The presented approach builds the LDA model on n-grams texts instead of simple text. N-grams have been used to keep personal stylistic attributes of the text writer. The LDA model generates topical representation of text documents. These topical representations have been used to build cosine similarity metric for KNN classifier. Here, LDA’s application on n-grams words not only keep various stylistic fingerprints to identify the writing style of a particular author but permits us to analyse a large dataset of Urdu newspaper articles and can identify the potential author for testing dataset. The presented approach emphasizes on author instance-based and profile-based classifications of text. We used LDA which can handle high-dimensional and sparse data, allowing more expressive representation of texts. LDA is also suitable considering the heterogeneity of the dataset, inherit ambiguity of Urdu language text, and diversity in writing styles of authors. A large dataset was collected for performance testing of the presented approach. The results of experiments show superiority of the proposed approach over the state-of-the-art representations and other algorithms used for authorship identification. The contributions of the presented work are the use of KNN classifier with cosine similarity metric extracted from LDA topics to measure similarity in vectors of text documents and achievement of satisfactory results on English and Urdu news articles without using any labels for authorship identification task.

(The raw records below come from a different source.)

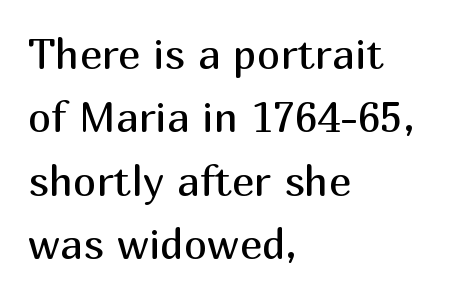
Q: Is the text bold? A: No.
Q: Is the text italic (slanted)? A: No, it is upright.
Q: Is the typeface a serif or a sans-serif typeface? A: Sans-serif.
Q: Is the text underlined? A: No.
Q: How is the paragraph aligned? A: Left-aligned.
Q: Is the spacing between letters normal or unusually wide? A: Normal.
Q: Is the spacing between lines tight, normal or loose? A: Normal.
Q: Width (condensed, normal, or wide)? A: Normal.
Q: Stroke contrast? A: Medium.
Q: x-height? A: Medium.
Q: Monospaced? A: No.
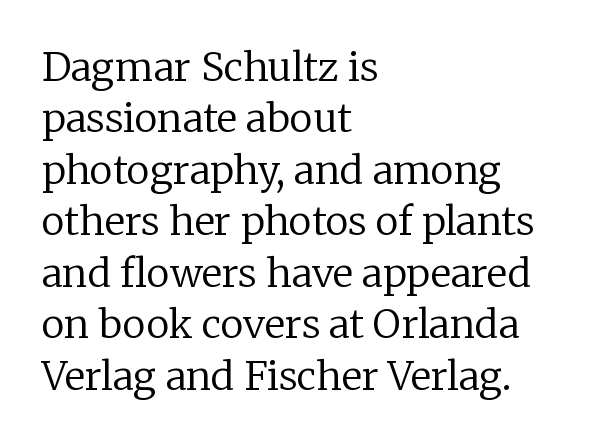
Q: Is the text bold? A: No.
Q: Is the text italic (slanted)? A: No, it is upright.
Q: Is the typeface a serif or a sans-serif typeface? A: Serif.
Q: Is the text underlined? A: No.
Q: How is the paragraph aligned? A: Left-aligned.
Q: Is the spacing between letters normal or unusually wide? A: Normal.
Q: Is the spacing between lines tight, normal or loose? A: Normal.
Q: Width (condensed, normal, or wide)? A: Normal.
Q: Stroke contrast? A: Low.
Q: x-height? A: Medium.
Q: Monospaced? A: No.
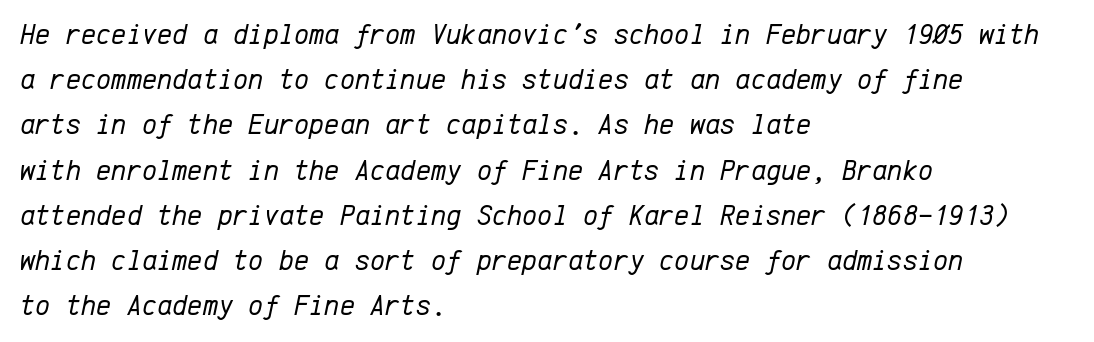
Q: Is the text bold? A: No.
Q: Is the text italic (slanted)? A: Yes, it leans right by about 12 degrees.
Q: Is the text underlined? A: No.
Q: How is the paragraph aligned? A: Left-aligned.
Q: Is the spacing between letters normal or unusually wide? A: Normal.
Q: Is the spacing between lines tight, normal or loose? A: Normal.
Q: Width (condensed, normal, or wide)? A: Normal.
Q: Stroke contrast? A: Low.
Q: x-height? A: Medium.
Q: Monospaced? A: Yes.
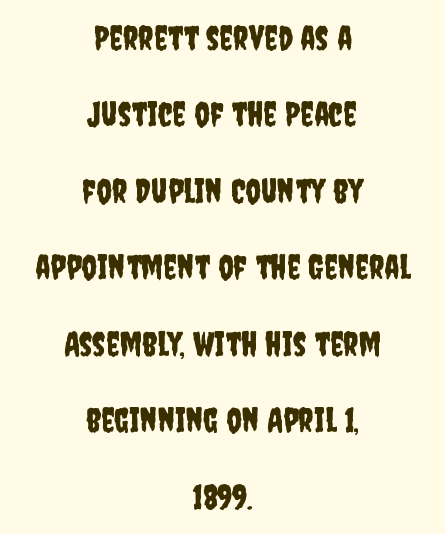
The image shows 34 px condensed sans-serif type, upright; set centered, loose line spacing (2.25x), normal letter spacing, not underlined; low stroke contrast and a large x-height.
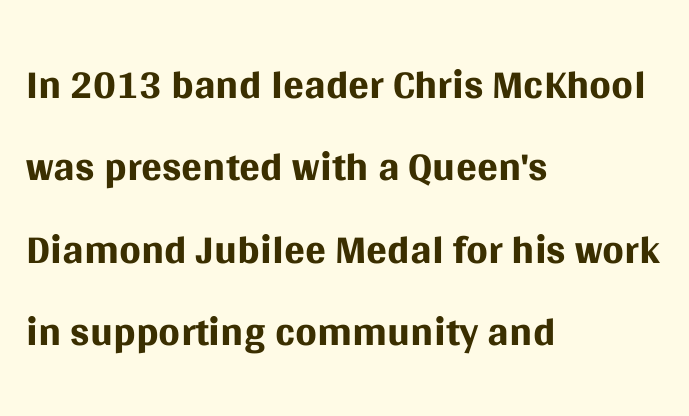
Q: Is the text bold? A: No.
Q: Is the text italic (slanted)? A: No, it is upright.
Q: Is the typeface a serif or a sans-serif typeface? A: Sans-serif.
Q: Is the text underlined? A: No.
Q: How is the paragraph aligned? A: Left-aligned.
Q: Is the spacing between letters normal or unusually wide? A: Normal.
Q: Is the spacing between lines tight, normal or loose? A: Normal.
Q: Width (condensed, normal, or wide)? A: Normal.
Q: Stroke contrast? A: Medium.
Q: x-height? A: Large.
Q: Monospaced? A: No.

The rest of the paper is structured as follows: Section 2 discusses the outcomes of the detailed literature. Section 3 describes the materials and methods of the presented research and the LDA-based used approach for authorship identification in PAN12 authorship identification task and Urdu newspaper articles; Section 4 provides details of the experiments, their results, and discussions; at last in Section 5, conclusion are drawn.

In the literature, a large number of works in the past had been focused on computational linguistics-based methods for identification of stylometric features from text and their application to attribute possible author of the text. The focus of these approaches was to improve various tasks of authorship analysis of a piece of text such as authorship identification, author verification, and author profiling.

The first approach to authorship identification is the use of univariate or multivariate measures that can reflect the style of a particular author. Individual measures were proposed such as word occurrence or frequencies of specific word [28], mean sentence length or wge word length [29], and word richness [11]; however, none of these univariate measures prove to be adequate [30]. The idea behind the multivariate approach is to take documents as points in vector space, and by using some suitable similarity measures, assign the query document to the author, whose documents are closest to the query document [31]; furthermore, other distance-based similarity metrics such as Euclidean distance, Kullback–Leibler, and Hellinger distance were applied to various feature sets for authorship identification [4, 19, 22].

The second approach is statistical machine learning techniques. Individual author is a category value, and a classification model is built. Machine learning techniques are further separated into two subgroups, one is supervised and other is unsupervised. In supervised learning, a classifier is built using both features and the categorical value. However, unsupervised models work on unlabelled data [24]. For authorship identification, supervised techniques include support vector machine (SVM) [13, 32, 33], decision trees [6], linear discriminant analysis [34], and neural networks [35, 36]. The support vector machine outperformed other supervised techniques such as linear discriminant analysis and neural networks in terms of accuracy. Unsupervised classification techniques include principal component analysis (PCA) [37, 38], cluster analysis [39], word2vec [40], doc2vec or distributed document representation [41], and LDA [8, 9, 25, 26]. The work discussed in [23] is the first attempt to address author identification in Urdu text and that approach is improved in this paper by using tf-idf along cosine similarity and a KNN-based classification module for more accurate results.

The first systematic study of authorship identification by using enhanced version of LDA was presented by Michal Rosen-Zvi et al. [8]. The LDA model has the ability to identify all hidden topics from large numbers of features and present them as LDA topics, thus, serving for dimensionality reduction and making it attractive for text analysis problems.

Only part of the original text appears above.